On Wed, 21 May 2003, Aaron J Mackey wrote:

> 
> Hi Yee, overall this looks fine (although it duplicates some of what's
> already in Bio::Ext::Align).  Can you imagine integrating your stuff with
> what's already in Bio::Tools::pSW (or better, having your own
> Bio::Tools::dpAlign, that mimics the behavior of pSW)?  I see your
> $factory->pairwise_alignment($seq1, $seq2) already does look like pSW, so
> that's great.
> 
> I'd love to see the first thing on your TODO list, combined with a
> Bio::Matrix::SimilarityScore matrix object (wasn't someone working on
> that?).
> 
> What I think would also be a spectacular item for your TODO list is to
> calculate, for a given match/mismatch or scoring matrix, the expected
> average score per residue, and to throw a warning of it's > 0 (and thus
> not likely to generate local alignments).  This bites many new users
> playing with DP algorithms and scoring parameters.
> 
> > 	It is accepted
> > 	that Miller-Myers implementation is the fastest and using the
> > 	least memory that is truly equivalent to original algorithm
> > 	introduced by Needleman-Wunsch.
> 
> I think that the developers of vector and other parallel-processed
> DP algorithms would disagree with it being the fastest.
> 
> >       Phil Green (?? yr) introduced
> > 	heuristics to skip the calculation of some cells.
> 
> I would restate this as something like "Phil Green's SWAT implementation
> of the Smith-Waterman algorithm introduced a heuristic that does not
> consider paths through the matrix where the score would be less than the
> gap open penalty, yielding a 1.5-2X speedup on most comparisons".
> 
> 
> >       However,
> > 	his approach is only good for calculating the minimum edit
> > 	distance and find out the corresponding subsequences (aka
> > 	search phase).
> 
> As I said before, this simply isn't true.  The Miller-Myers divide and
> conquer still must use some scoring scheme to calculate the "pivot point"

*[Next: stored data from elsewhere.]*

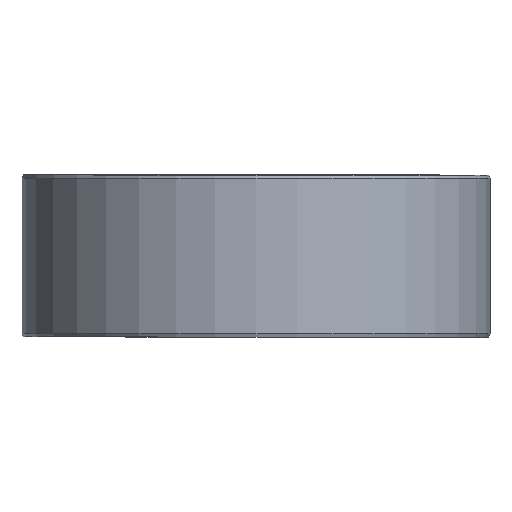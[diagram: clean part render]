
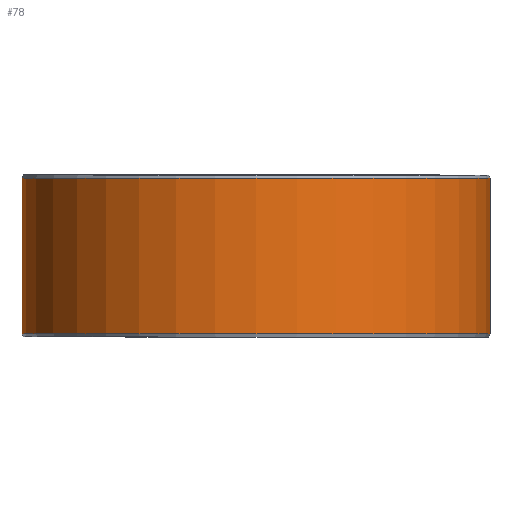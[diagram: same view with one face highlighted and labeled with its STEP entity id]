
A CAD part, front view. The second image highlights one B-rep face of the part: STEP entity #78.
In plain terms, the highlighted cylindrical face has radius 130 mm (diameter 260 mm), a partial arc.
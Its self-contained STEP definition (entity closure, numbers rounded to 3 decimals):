
#78=ADVANCED_FACE('',(#98),#99,.T.);
#98=FACE_OUTER_BOUND('',#130,.T.);
#99=CYLINDRICAL_SURFACE('',#131,130.0);
#130=EDGE_LOOP('',(#177,#178,#179,#180));
#131=AXIS2_PLACEMENT_3D('',#181,#182,#183);
#177=ORIENTED_EDGE('',*,*,#291,.F.);
#178=ORIENTED_EDGE('',*,*,#290,.F.);
#179=ORIENTED_EDGE('',*,*,#292,.F.);
#180=ORIENTED_EDGE('',*,*,#293,.T.);
#181=CARTESIAN_POINT('',(0.,0.,45.0));
#182=DIRECTION('',(0.,0.,1.0));
#183=DIRECTION('',(-1.0,0.,0.));
#290=EDGE_CURVE('',#336,#332,#338,.T.);
#291=EDGE_CURVE('',#332,#339,#340,.T.);
#292=EDGE_CURVE('',#341,#336,#342,.T.);
#293=EDGE_CURVE('',#341,#339,#343,.T.);
#332=VERTEX_POINT('',#398);
#336=VERTEX_POINT('',#403);
#338=CIRCLE('',#406,130.0);
#339=VERTEX_POINT('',#407);
#340=LINE('',#408,#409);
#341=VERTEX_POINT('',#410);
#342=LINE('',#411,#412);
#343=CIRCLE('',#413,130.0);
#398=CARTESIAN_POINT('',(130.0,0.,88.2));
#403=CARTESIAN_POINT('',(-130.0,0.,88.2));
#406=AXIS2_PLACEMENT_3D('',#482,#483,#484);
#407=CARTESIAN_POINT('',(130.0,0.,1.8));
#408=CARTESIAN_POINT('',(130.0,0.,45.));
#409=VECTOR('',#485,1.0);
#410=CARTESIAN_POINT('',(-130.0,0.,1.8));
#411=CARTESIAN_POINT('',(-130.0,0.,1.8));
#412=VECTOR('',#486,10.0);
#413=AXIS2_PLACEMENT_3D('',#487,#488,#489);
#482=CARTESIAN_POINT('',(0.,0.,88.2));
#483=DIRECTION('',(0.,0.,1.0));
#484=DIRECTION('',(-1.0,0.,0.));
#485=DIRECTION('',(0.,0.,-1.0));
#486=DIRECTION('',(0.,0.,1.0));
#487=CARTESIAN_POINT('',(0.,0.,1.8));
#488=DIRECTION('',(0.,0.,1.0));
#489=DIRECTION('',(-1.0,0.,0.));

> where the alignment path crosses the joining row.  There is nothing
> stopping you from using the Phil Green SWAT optimization/heuristic to
> calculate those scores and paths.  The reason Bill Pearson's ssearch
> doesn't use this optimization during the alignment phase is that speed is
> not critical during the alignment phase, only the search phase.
> 
> >       The most popular dynamic programming alignment
> > 	program ssearch uses Phil Green's algorithm to find the
> > 	subsequences and then Miller-Myers's algorithm to find the
> > 	actual alignment. (aka alignment phase)
> 
> Since you've already done a very good job of giving credit where it's due,
> I'd say "Bill Pearson's popular DP alignment program SSEARCH uses ... "
> 
> > 	It allows you
> > 	to specify either the Phil Green (DPALIGN_LOCAL_GREEN)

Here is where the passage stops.